Record & replay the claude-agent-sdk wire for deterministic, offline tests.
Project description
Claude Agent Cassette
Record & replay the claude-agent-sdk
wire for deterministic, offline tests — no API key, no subprocess, no mocks.
Why
Apps built on claude-agent-sdk read a stream of typed messages (assistant turns,
tool results, task notifications, control-protocol frames) and drive logic off
them. The nasty bugs live at that stream → your-handler seam: the SDK emits a
slightly different shape than you expected, and your handler quietly does the
wrong thing.
Mocked tests can't catch this — you build the mock, so you only test your understanding of your own mock. A cassette records the real wire once and replays it through the SDK's real parser, so:
- a shape change in the SDK turns your test red instead of shipping to prod;
- tests run with no API cost, no network, no
claudesubprocess; - the replayed frames go through the genuine
message_parser, not a stand-in.
PRODUCTION: real CLI ──raw frames──► SDK parser ──► your code
▲
REPLAY: ReplayTransport ──raw frames──┘ (same parser, same code)
Install
pip install claude-agent-cassette # (or: uv add claude-agent-cassette)
Replay (the common case — offline, no key)
from claude_agent_cassette import replay, load_frames
async def test_my_handler():
async with replay(load_frames("tests/cassettes/happy_path.jsonl")) as client:
kinds = []
async for m in client.receive_messages():
kinds.append(type(m).__name__)
if kinds[-1] == "ResultMessage":
break # stream stays open after the result; break like the real wire
assert "ResultMessage" in kinds
# ...or feed client.receive_messages() into your own dispatcher and
# assert on what it produces.
A frames file is JSONL of raw inbound stream-json frames — the exact dicts the
CLI emits. replay() injects them into a real ClaudeSDKClient and answers the
SDK's initialize control handshake for you. (Vocabulary: a frame is a raw
wire dict; a message is the typed object the SDK parses it into; a tape
is a full duplex recording.)
Record (capture a real session)
record() works with both SDK entry points — the one-shot query()
and the interactive ClaudeSDKClient (it patches both transport-construction
sites the SDK uses):
from claude_agent_cassette import record, save_tape
# one-shot query()
from claude_agent_sdk import query
with record() as tape: # tees the full duplex wire
async for _ in query(prompt="...", options=...):
pass
save_tape(tape, "session.jsonl")
# interactive ClaudeSDKClient
from claude_agent_sdk import ClaudeAgentOptions, ClaudeSDKClient
with record() as tape:
async with ClaudeSDKClient(options=ClaudeAgentOptions()) as client:
await client.query("...")
async for _ in client.receive_messages():
pass
save_tape(tape, "session.jsonl")
record() captures both directions, including the control plane
(control_request/control_response, mcp_message, hook_callback, the
handshake), so one recording can feed both conversation replay and
control-protocol replay.

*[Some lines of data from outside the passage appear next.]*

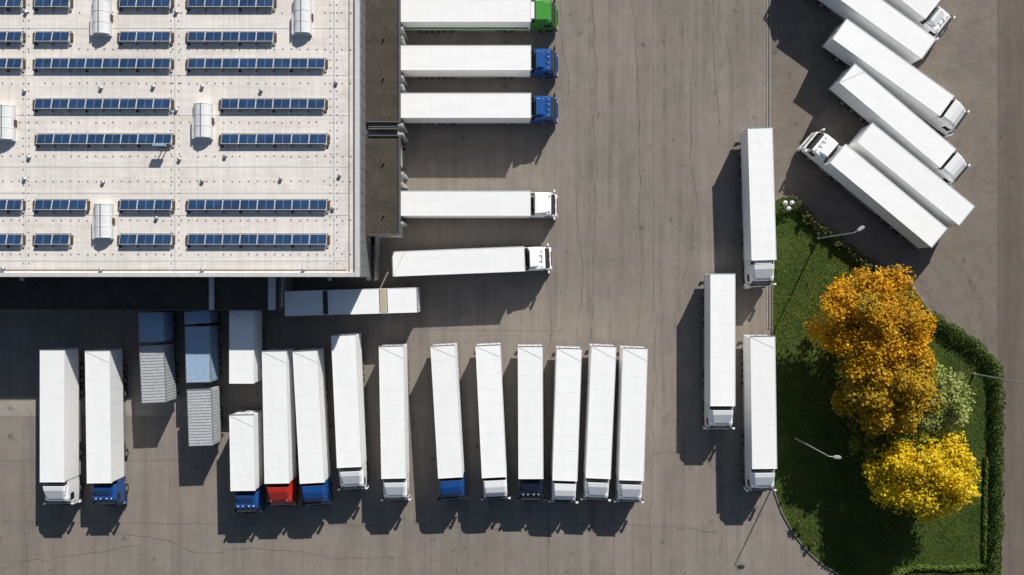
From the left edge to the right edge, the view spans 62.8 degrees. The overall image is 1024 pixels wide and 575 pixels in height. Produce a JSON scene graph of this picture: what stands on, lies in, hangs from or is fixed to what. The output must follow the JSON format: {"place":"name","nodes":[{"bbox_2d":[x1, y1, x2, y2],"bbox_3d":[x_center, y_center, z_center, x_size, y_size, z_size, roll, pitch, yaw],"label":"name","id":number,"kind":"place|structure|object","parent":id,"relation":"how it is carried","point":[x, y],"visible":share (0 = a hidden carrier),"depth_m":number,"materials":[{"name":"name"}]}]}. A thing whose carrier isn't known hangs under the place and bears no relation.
{"place":"outdoors","nodes":[
{"label":"outdoors","id":0,"kind":"place"},
{"bbox_2d":[0,0,837,574],"bbox_3d":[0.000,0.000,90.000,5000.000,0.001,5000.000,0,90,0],"label":"ground","id":1,"kind":"structure","parent":0,"point":[650,140],"depth_m":90.00,"materials":[{"name":"concrete"}]},
{"bbox_2d":[40,347,83,504],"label":"semi truck","id":2,"kind":"object","parent":1,"relation":"on","point":[61,394],"visible":1,"depth_m":86.03,"materials":[{"name":"metal"}]},
{"bbox_2d":[85,348,128,505],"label":"semi truck","id":3,"kind":"object","parent":1,"relation":"on","point":[106,394],"visible":1,"depth_m":86.03,"materials":[{"name":"metal"}]},
{"bbox_2d":[0,397,224,415],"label":"concrete strip","id":4,"kind":"object","parent":1,"relation":"on","point":[19,406],"visible":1,"depth_m":90.00,"materials":[{"name":"grey concrete"}]},
{"bbox_2d":[138,312,177,341],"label":"swap body container","id":5,"kind":"object","parent":1,"relation":"on","point":[157,326],"visible":1,"depth_m":86.24,"materials":[{"name":"blue paint"}]},
{"bbox_2d":[139,343,179,402],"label":"swap body container","id":6,"kind":"object","parent":1,"relation":"on","point":[159,369],"visible":1,"depth_m":86.24,"materials":[{"name":"metal"}]},
{"bbox_2d":[0,277,330,309],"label":"dock annex","id":7,"kind":"object","parent":1,"relation":"on","point":[141,293],"visible":0.94,"depth_m":84.80,"materials":[{"name":"metal"}]},
{"bbox_2d":[0,0,373,277],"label":"hall","id":8,"kind":"structure","parent":1,"relation":"on","point":[189,149],"depth_m":81.02,"materials":[{"name":"white metal"}]},
{"bbox_2d":[0,104,16,140],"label":"roof skylight","id":9,"kind":"object","parent":8,"relation":"on","point":[8,123],"visible":1,"depth_m":80.31,"materials":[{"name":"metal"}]},
{"bbox_2d":[0,31,25,44],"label":"solar panel array","id":10,"kind":"object","parent":8,"relation":"on","point":[7,36],"visible":1,"depth_m":80.75,"materials":[{"name":"glass"}]},
{"bbox_2d":[0,233,25,246],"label":"solar panel array","id":11,"kind":"object","parent":8,"relation":"on","point":[10,238],"visible":1,"depth_m":80.74,"materials":[{"name":"glass"}]},
{"bbox_2d":[0,57,25,71],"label":"solar panel array","id":12,"kind":"object","parent":8,"relation":"on","point":[8,63],"visible":1,"depth_m":80.74,"materials":[{"name":"glass"}]},
{"bbox_2d":[0,199,25,212],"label":"solar panel array","id":13,"kind":"object","parent":8,"relation":"on","point":[13,205],"visible":1,"depth_m":80.73,"materials":[{"name":"glass"}]},
{"bbox_2d":[0,0,25,10],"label":"solar panel array","id":14,"kind":"object","parent":8,"relation":"on","point":[12,3],"visible":1,"depth_m":80.70,"materials":[{"name":"glass"}]},
{"bbox_2d":[33,31,72,44],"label":"solar panel array","id":15,"kind":"object","parent":8,"relation":"on","point":[52,36],"visible":1,"depth_m":80.75,"materials":[{"name":"glass"}]},
{"bbox_2d":[33,233,72,246],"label":"solar panel array","id":16,"kind":"object","parent":8,"relation":"on","point":[49,238],"visible":1,"depth_m":80.74,"materials":[{"name":"glass"}]},
{"bbox_2d":[33,0,72,10],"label":"solar panel array","id":17,"kind":"object","parent":8,"relation":"on","point":[48,3],"visible":1,"depth_m":80.67,"materials":[{"name":"glass"}]},
{"bbox_2d":[33,199,89,212],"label":"solar panel array","id":18,"kind":"object","parent":8,"relation":"on","point":[53,206],"visible":1,"depth_m":80.73,"materials":[{"name":"glass"}]},
{"bbox_2d":[90,0,112,36],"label":"roof skylight","id":19,"kind":"object","parent":8,"relation":"on","point":[101,18],"visible":1,"depth_m":80.32,"materials":[{"name":"plastic"}]},
{"bbox_2d":[33,98,173,111],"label":"solar panel array","id":20,"kind":"object","parent":8,"relation":"on","point":[71,104],"visible":1,"depth_m":80.73,"materials":[{"name":"glass"}]},
{"bbox_2d":[33,57,173,71],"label":"solar panel array","id":21,"kind":"object","parent":8,"relation":"on","point":[103,63],"visible":1,"depth_m":80.74,"materials":[{"name":"glass"}]},
{"bbox_2d":[92,203,114,238],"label":"roof skylight","id":22,"kind":"object","parent":8,"relation":"on","point":[103,220],"visible":1,"depth_m":80.31,"materials":[{"name":"plastic"}]},
{"bbox_2d":[35,133,174,146],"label":"solar panel array","id":23,"kind":"object","parent":8,"relation":"on","point":[92,138],"visible":0.94,"depth_m":80.71,"materials":[{"name":"glass"}]},
{"bbox_2d":[117,31,173,44],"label":"solar panel array","id":24,"kind":"object","parent":8,"relation":"on","point":[142,36],"visible":1,"depth_m":80.75,"materials":[{"name":"glass"}]},
{"bbox_2d":[117,0,173,10],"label":"solar panel array","id":25,"kind":"object","parent":8,"relation":"on","point":[143,3],"visible":1,"depth_m":80.67,"materials":[{"name":"glass"}]},
{"bbox_2d":[117,233,174,246],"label":"solar panel array","id":26,"kind":"object","parent":8,"relation":"on","point":[144,238],"visible":1,"depth_m":80.74,"materials":[{"name":"glass"}]},
{"bbox_2d":[118,199,174,212],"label":"solar panel array","id":27,"kind":"object","parent":8,"relation":"on","point":[142,205],"visible":1,"depth_m":80.73,"materials":[{"name":"glass"}]},
{"bbox_2d":[152,143,168,149],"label":"roof sensor mast","id":28,"kind":"object","parent":8,"relation":"on","point":[163,146],"visible":1,"depth_m":80.77,"materials":[{"name":"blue metal"}]},
{"bbox_2d":[0,10,340,271],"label":"roof vents","id":29,"kind":"object","parent":8,"relation":"on","point":[178,158],"visible":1,"depth_m":80.76,"materials":[{"name":"metal"}]},
{"bbox_2d":[0,0,348,271],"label":"roof seams","id":30,"kind":"object","parent":8,"relation":"on","point":[174,166],"visible":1,"depth_m":81.00,"materials":[{"name":"white plastic roofing membrane"}]},
{"bbox_2d":[1,4,351,263],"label":"roof fasteners","id":31,"kind":"object","parent":8,"relation":"on","point":[178,130],"visible":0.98,"depth_m":80.97,"materials":[{"name":"grey metal"}]},
{"bbox_2d":[0,0,359,276],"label":"parapet","id":32,"kind":"structure","parent":8,"relation":"on","point":[356,138],"depth_m":80.75,"materials":[{"name":"metal"}]},
{"bbox_2d":[192,103,213,139],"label":"roof skylight","id":33,"kind":"object","parent":8,"relation":"on","point":[202,123],"visible":1,"depth_m":80.28,"materials":[{"name":"plastic"}]},
{"bbox_2d":[186,31,276,44],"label":"solar panel array","id":34,"kind":"object","parent":8,"relation":"on","point":[222,36],"visible":1,"depth_m":80.75,"materials":[{"name":"glass"}]},
{"bbox_2d":[186,0,276,10],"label":"solar panel array","id":35,"kind":"object","parent":8,"relation":"on","point":[229,3],"visible":1,"depth_m":80.67,"materials":[{"name":"glass"}]},
{"bbox_2d":[186,57,327,71],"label":"solar panel array","id":36,"kind":"object","parent":8,"relation":"on","point":[252,63],"visible":1,"depth_m":80.72,"materials":[{"name":"glass"}]},
{"bbox_2d":[186,233,329,246],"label":"solar panel array","id":37,"kind":"object","parent":8,"relation":"on","point":[263,238],"visible":1,"depth_m":80.72,"materials":[{"name":"glass"}]},
{"bbox_2d":[186,199,329,212],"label":"solar panel array","id":38,"kind":"object","parent":8,"relation":"on","point":[240,205],"visible":1,"depth_m":80.70,"materials":[{"name":"glass"}]},
{"bbox_2d":[219,98,327,111],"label":"solar panel array","id":39,"kind":"object","parent":8,"relation":"on","point":[273,104],"visible":1,"depth_m":80.73,"materials":[{"name":"glass"}]},
{"bbox_2d":[219,133,329,146],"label":"solar panel array","id":40,"kind":"object","parent":8,"relation":"on","point":[277,138],"visible":1,"depth_m":80.71,"materials":[{"name":"glass"}]},
{"bbox_2d":[292,0,312,35],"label":"roof skylight","id":41,"kind":"object","parent":8,"relation":"on","point":[302,16],"visible":1,"depth_m":80.28,"materials":[{"name":"plastic"}]},
{"bbox_2d":[360,0,364,266],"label":"facade joints","id":42,"kind":"object","parent":8,"relation":"attached to","point":[361,131],"visible":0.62,"depth_m":82.77,"materials":[{"name":"grey metal"}]},
{"bbox_2d":[184,310,220,330],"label":"swap body container","id":43,"kind":"object","parent":1,"relation":"on","point":[198,318],"visible":0.88,"depth_m":86.34,"materials":[{"name":"blue paint"}]},
{"bbox_2d":[185,325,221,382],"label":"swap body container","id":44,"kind":"object","parent":1,"relation":"on","point":[203,350],"visible":1,"depth_m":86.34,"materials":[{"name":"blue paint"}]},
{"bbox_2d":[187,386,223,445],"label":"swap body container","id":45,"kind":"object","parent":1,"relation":"on","point":[205,412],"visible":1,"depth_m":86.54,"materials":[{"name":"metal"}]},
{"bbox_2d":[229,310,264,383],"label":"semi trailer","id":46,"kind":"object","parent":1,"relation":"on","point":[246,339],"visible":0.89,"depth_m":86.03,"materials":[{"name":"metal"}]},
{"bbox_2d":[229,410,265,512],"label":"box truck","id":47,"kind":"object","parent":1,"relation":"on","point":[246,455],"visible":0.96,"depth_m":86.03,"materials":[{"name":"metal"}]},
{"bbox_2d":[39,146,502,433],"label":"parking bay markings","id":48,"kind":"object","parent":1,"relation":"on","point":[176,313],"visible":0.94,"depth_m":89.98,"materials":[{"name":"white paint"}]},
{"bbox_2d":[262,348,298,505],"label":"semi truck","id":49,"kind":"object","parent":1,"relation":"on","point":[280,440],"visible":0.89,"depth_m":86.03,"materials":[{"name":"metal"}]},
{"bbox_2d":[292,348,332,505],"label":"semi truck","id":50,"kind":"object","parent":1,"relation":"on","point":[311,401],"visible":1,"depth_m":86.03,"materials":[{"name":"metal"}]},
{"bbox_2d":[0,114,653,543],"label":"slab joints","id":51,"kind":"object","parent":1,"relation":"attached to","point":[212,460],"visible":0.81,"depth_m":89.99,"materials":[{"name":"black"}]},
{"bbox_2d":[331,333,368,489],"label":"semi truck","id":52,"kind":"object","parent":1,"relation":"on","point":[349,397],"visible":1,"depth_m":86.03,"materials":[{"name":"metal"}]},
{"bbox_2d":[284,287,420,315],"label":"semi trailer","id":53,"kind":"object","parent":1,"relation":"on","point":[352,301],"visible":1,"depth_m":86.03,"materials":[{"name":"metal"}]},
{"bbox_2d":[367,236,379,279],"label":"entrance stairs","id":54,"kind":"structure","parent":1,"relation":"on","point":[376,255],"depth_m":88.40,"materials":[{"name":"concrete"}]},
{"bbox_2d":[366,0,403,237],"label":"dock annex","id":55,"kind":"object","parent":1,"relation":"on","point":[384,179],"visible":1,"depth_m":84.50,"materials":[{"name":"concrete"}]},
{"bbox_2d":[398,23,407,226],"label":"dock doors","id":56,"kind":"structure","parent":55,"relation":"attached to","point":[404,85],"depth_m":87.55,"materials":[{"name":"metal"}]},
{"bbox_2d":[379,344,411,500],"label":"semi truck","id":57,"kind":"object","parent":1,"relation":"on","point":[394,405],"visible":1,"depth_m":86.03,"materials":[{"name":"metal"}]},
{"bbox_2d":[430,343,467,500],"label":"semi truck","id":58,"kind":"object","parent":1,"relation":"on","point":[447,412],"visible":1,"depth_m":86.03,"materials":[{"name":"metal"}]},
{"bbox_2d":[391,243,551,276],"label":"semi truck","id":59,"kind":"object","parent":1,"relation":"on","point":[462,261],"visible":1,"depth_m":86.03,"materials":[{"name":"metal"}]},
{"bbox_2d":[0,5,950,573],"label":"pavement cracks","id":60,"kind":"object","parent":1,"relation":"on","point":[550,339],"visible":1,"depth_m":89.99,"materials":[{"name":"black asphalt"}]},
{"bbox_2d":[401,45,557,79],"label":"semi truck","id":61,"kind":"object","parent":1,"relation":"on","point":[435,62],"visible":0.95,"depth_m":86.03,"materials":[{"name":"metal"}]},
{"bbox_2d":[401,0,557,32],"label":"semi truck","id":62,"kind":"object","parent":1,"relation":"on","point":[450,16],"visible":0.98,"depth_m":86.03,"materials":[{"name":"metal"}]},
{"bbox_2d":[401,93,557,124],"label":"semi truck","id":63,"kind":"object","parent":1,"relation":"on","point":[465,108],"visible":0.95,"depth_m":86.03,"materials":[{"name":"metal"}]},
{"bbox_2d":[401,190,557,219],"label":"semi truck","id":64,"kind":"object","parent":1,"relation":"on","point":[463,204],"visible":0.93,"depth_m":86.03,"materials":[{"name":"metal"}]},
{"bbox_2d":[475,342,510,499],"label":"semi truck","id":65,"kind":"object","parent":1,"relation":"on","point":[491,416],"visible":1,"depth_m":86.03,"materials":[{"name":"metal"}]},
{"bbox_2d":[516,344,545,500],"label":"semi truck","id":66,"kind":"object","parent":1,"relation":"on","point":[530,417],"visible":1,"depth_m":86.03,"materials":[{"name":"metal"}]},
{"bbox_2d":[548,346,581,503],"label":"semi truck","id":67,"kind":"object","parent":1,"relation":"on","point":[566,415],"visible":1,"depth_m":86.03,"materials":[{"name":"metal"}]},
{"bbox_2d":[580,343,616,500],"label":"semi truck","id":68,"kind":"object","parent":1,"relation":"on","point":[600,385],"visible":1,"depth_m":86.03,"materials":[{"name":"metal"}]},
{"bbox_2d":[613,345,647,502],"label":"semi truck","id":69,"kind":"object","parent":1,"relation":"on","point":[631,410],"visible":1,"depth_m":86.03,"materials":[{"name":"metal"}]},
{"bbox_2d":[702,273,735,429],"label":"semi truck","id":70,"kind":"object","parent":1,"relation":"on","point":[718,322],"visible":1,"depth_m":86.03,"materials":[{"name":"metal"}]},
{"bbox_2d":[738,127,776,288],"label":"semi truck","id":71,"kind":"object","parent":1,"relation":"on","point":[756,181],"visible":1,"depth_m":86.03,"materials":[{"name":"metal"}]},
{"bbox_2d":[740,334,776,491],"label":"semi truck","id":72,"kind":"object","parent":1,"relation":"on","point":[758,380],"visible":1,"depth_m":86.03,"materials":[{"name":"metal"}]},
{"bbox_2d":[767,0,770,328],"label":"drainage channel","id":73,"kind":"object","parent":1,"relation":"on","point":[769,123],"visible":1,"depth_m":89.95,"materials":[{"name":"metal"}]},
{"bbox_2d":[771,0,996,361],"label":"parking lot","id":74,"kind":"structure","parent":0,"point":[954,269],"depth_m":90.00,"materials":[{"name":"concrete"}]},
{"bbox_2d":[797,128,947,248],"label":"semi truck","id":75,"kind":"object","parent":74,"relation":"on","point":[885,199],"visible":1,"depth_m":86.03,"materials":[{"name":"metal"}]},
{"bbox_2d":[817,0,936,63],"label":"trailer","id":76,"kind":"object","parent":74,"relation":"on","point":[897,32],"visible":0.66,"depth_m":86.03,"materials":[{"name":"metal"}]},
{"bbox_2d":[771,196,1002,574],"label":"kerb","id":77,"kind":"structure","parent":74,"relation":"on","point":[772,335],"depth_m":89.86,"materials":[{"name":"concrete"}]},
{"bbox_2d":[773,197,1001,574],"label":"grass island","id":78,"kind":"structure","parent":74,"relation":"on","point":[848,542],"depth_m":89.88,"materials":[{"name":"green plant"}]},
{"bbox_2d":[779,206,787,214],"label":"shrub","id":79,"kind":"object","parent":78,"relation":"on","point":[781,210],"visible":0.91,"depth_m":89.04,"materials":[{"name":"green plant"}]},
{"bbox_2d":[783,200,793,210],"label":"globe lamp","id":80,"kind":"object","parent":78,"relation":"on","point":[785,203],"visible":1,"depth_m":87.16,"materials":[{"name":"plastic"}]},
{"bbox_2d":[783,194,798,209],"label":"shrub","id":81,"kind":"object","parent":78,"relation":"on","point":[794,206],"visible":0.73,"depth_m":88.98,"materials":[{"name":"green plant"}]},
{"bbox_2d":[793,519,806,530],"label":"shrub","id":82,"kind":"object","parent":78,"relation":"on","point":[798,524],"visible":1,"depth_m":89.06,"materials":[{"name":"green plant"}]},
{"bbox_2d":[801,210,811,224],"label":"shrub","id":83,"kind":"object","parent":78,"relation":"on","point":[805,217],"visible":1,"depth_m":89.00,"materials":[{"name":"green plant"}]},
{"bbox_2d":[807,537,817,546],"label":"shrub","id":84,"kind":"object","parent":78,"relation":"on","point":[813,543],"visible":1,"depth_m":89.08,"materials":[{"name":"green plant"}]},
{"bbox_2d":[795,438,841,458],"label":"street lamp","id":85,"kind":"object","parent":78,"relation":"on","point":[837,457],"visible":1,"depth_m":82.07,"materials":[{"name":"metal"}]},
{"bbox_2d":[816,223,833,236],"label":"shrub","id":86,"kind":"object","parent":78,"relation":"on","point":[826,228],"visible":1,"depth_m":88.86,"materials":[{"name":"green plant"}]},
{"bbox_2d":[787,195,878,269],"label":"shrub row","id":87,"kind":"object","parent":78,"relation":"on","point":[802,207],"visible":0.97,"depth_m":89.25,"materials":[{"name":"green plant"}]},
{"bbox_2d":[817,226,864,239],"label":"street lamp","id":88,"kind":"object","parent":78,"relation":"on","point":[858,229],"visible":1,"depth_m":82.41,"materials":[{"name":"metal"}]},
{"bbox_2d":[835,237,848,249],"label":"shrub","id":89,"kind":"object","parent":78,"relation":"on","point":[837,244],"visible":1,"depth_m":89.11,"materials":[{"name":"green plant"}]},
{"bbox_2d":[855,254,872,267],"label":"shrub","id":90,"kind":"object","parent":78,"relation":"on","point":[866,264],"visible":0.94,"depth_m":88.93,"materials":[{"name":"green plant"}]},
{"bbox_2d":[802,264,938,382],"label":"autumn tree","id":91,"kind":"object","parent":78,"relation":"on","point":[868,308],"visible":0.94,"depth_m":82.06,"materials":[{"name":"orange plant"}]},
{"bbox_2d":[847,401,895,439],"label":"green tree","id":92,"kind":"object","parent":78,"relation":"on","point":[853,425],"visible":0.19,"depth_m":86.82,"materials":[{"name":"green plant"}]},
{"bbox_2d":[848,424,899,465],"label":"green tree","id":93,"kind":"object","parent":78,"relation":"on","point":[871,440],"visible":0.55,"depth_m":86.30,"materials":[{"name":"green plant"}]},
{"bbox_2d":[773,247,978,537],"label":"fallen leaves","id":94,"kind":"object","parent":78,"relation":"on","point":[838,383],"visible":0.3,"depth_m":89.80,"materials":[{"name":"orange plant"}]},
{"bbox_2d":[830,334,944,436],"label":"autumn tree","id":95,"kind":"object","parent":78,"relation":"on","point":[877,401],"visible":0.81,"depth_m":82.62,"materials":[{"name":"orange plant"}]},
{"bbox_2d":[889,415,950,452],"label":"maple tree","id":96,"kind":"object","parent":78,"relation":"on","point":[900,437],"visible":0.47,"depth_m":84.50,"materials":[{"name":"yellow plant"}]},
{"bbox_2d":[860,427,981,525],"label":"autumn tree","id":97,"kind":"object","parent":78,"relation":"on","point":[931,479],"visible":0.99,"depth_m":83.44,"materials":[{"name":"yellow plant"}]},
{"bbox_2d":[889,562,989,574],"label":"hedge","id":98,"kind":"object","parent":78,"relation":"on","point":[947,568],"visible":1,"depth_m":89.58,"materials":[{"name":"green plant"}]},
{"bbox_2d":[912,362,975,435],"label":"maple tree","id":99,"kind":"object","parent":78,"relation":"on","point":[956,411],"visible":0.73,"depth_m":83.68,"materials":[{"name":"green plant"}]},
{"bbox_2d":[928,310,1006,565],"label":"hedge","id":100,"kind":"object","parent":78,"relation":"on","point":[1001,433],"visible":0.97,"depth_m":89.03,"materials":[{"name":"green plant"}]},
{"bbox_2d":[981,456,988,562],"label":"hedge","id":101,"kind":"object","parent":78,"relation":"on","point":[983,520],"visible":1,"depth_m":89.58,"materials":[{"name":"green plant"}]},
{"bbox_2d":[973,373,1023,383],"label":"street lamp","id":102,"kind":"object","parent":78,"relation":"on","point":[996,378],"visible":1,"depth_m":85.68,"materials":[{"name":"metal"}]},
{"bbox_2d":[821,18,969,137],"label":"semi truck","id":103,"kind":"object","parent":74,"relation":"on","point":[921,95],"visible":0.89,"depth_m":86.03,"materials":[{"name":"metal"}]},
{"bbox_2d":[828,63,970,186],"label":"semi truck","id":104,"kind":"object","parent":74,"relation":"on","point":[862,93],"visible":0.84,"depth_m":86.03,"materials":[{"name":"metal"}]},
{"bbox_2d":[848,122,975,226],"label":"semi trailer","id":105,"kind":"object","parent":74,"relation":"on","point":[937,197],"visible":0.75,"depth_m":86.03,"materials":[{"name":"metal"}]},
{"bbox_2d":[884,0,955,42],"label":"semi truck","id":106,"kind":"object","parent":74,"relation":"on","point":[930,17],"visible":0.74,"depth_m":86.80,"materials":[{"name":"metal"}]},
{"bbox_2d":[997,0,1023,574],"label":"road","id":107,"kind":"structure","parent":0,"point":[1010,345],"depth_m":89.99,"materials":[{"name":"grey asphalt"}]},
{"bbox_2d":[713,0,1010,574],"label":"tar repairs","id":108,"kind":"structure","parent":107,"relation":"on","point":[1008,264],"depth_m":89.99,"materials":[{"name":"black asphalt"}]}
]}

Derive the conversation-only frames with
conversation_frames(tape).
Drift detection (gate SDK bumps)
Re-parse a cassette's message frames through the installed SDK's own
message_parser. A frame that no longer parses — or whose content blocks the
parser silently drops — is flagged. Because it reuses the SDK's own parser, there
is no schema to maintain: the judge is the thing being judged.
claude-agent-cassette drift tests/cassettes/ # *.jsonl files, or dirs of them
drift: 5 cassette(s) vs claude-agent-sdk 0.2.87
ok happy_path.jsonl
DRIFT stop_midtask.jsonl — 1 frame(s):
frame[3] assistant: content_dropped — 1 of 2 content block(s) dropped on parse
ok notification.jsonl
5 checked, 1 drifted (1 frame) — re-record the drifted cassettes.
- Exits non-zero on drift — use it to gate an SDK-bump PR in CI.
- Fails closed: if no cassette files are found it exits non-zero (a mispointed
path can't pass as a false green); pass
--allow-emptyto override. - Two cassette layouts in a directory: flat (top-level
*.jsonl) or nested (<name>/input.jsonl, where each cassette is a dir holding the recording plus sidecars). Nested is auto-detected; onlyinput.jsonlis checked, so siblingexpected.jsonl/meta.jsonare ignored, and a drift row is named by the cassette dir. Use--input-name FILEfor a different recording filename. A dir mixing both layouts is rejected (it can't silently check only half). - Three drift signals:
parse_error(the parser rejected the frame),unrecognized_type(the message type is gone),content_dropped(a content block silently vanished). - Scope: catches parse-level drift (rejected/skipped frames) + dropped content blocks. It does not catch additive field-level drift (a still-parsing frame that gained a field) — see ROADMAP.md.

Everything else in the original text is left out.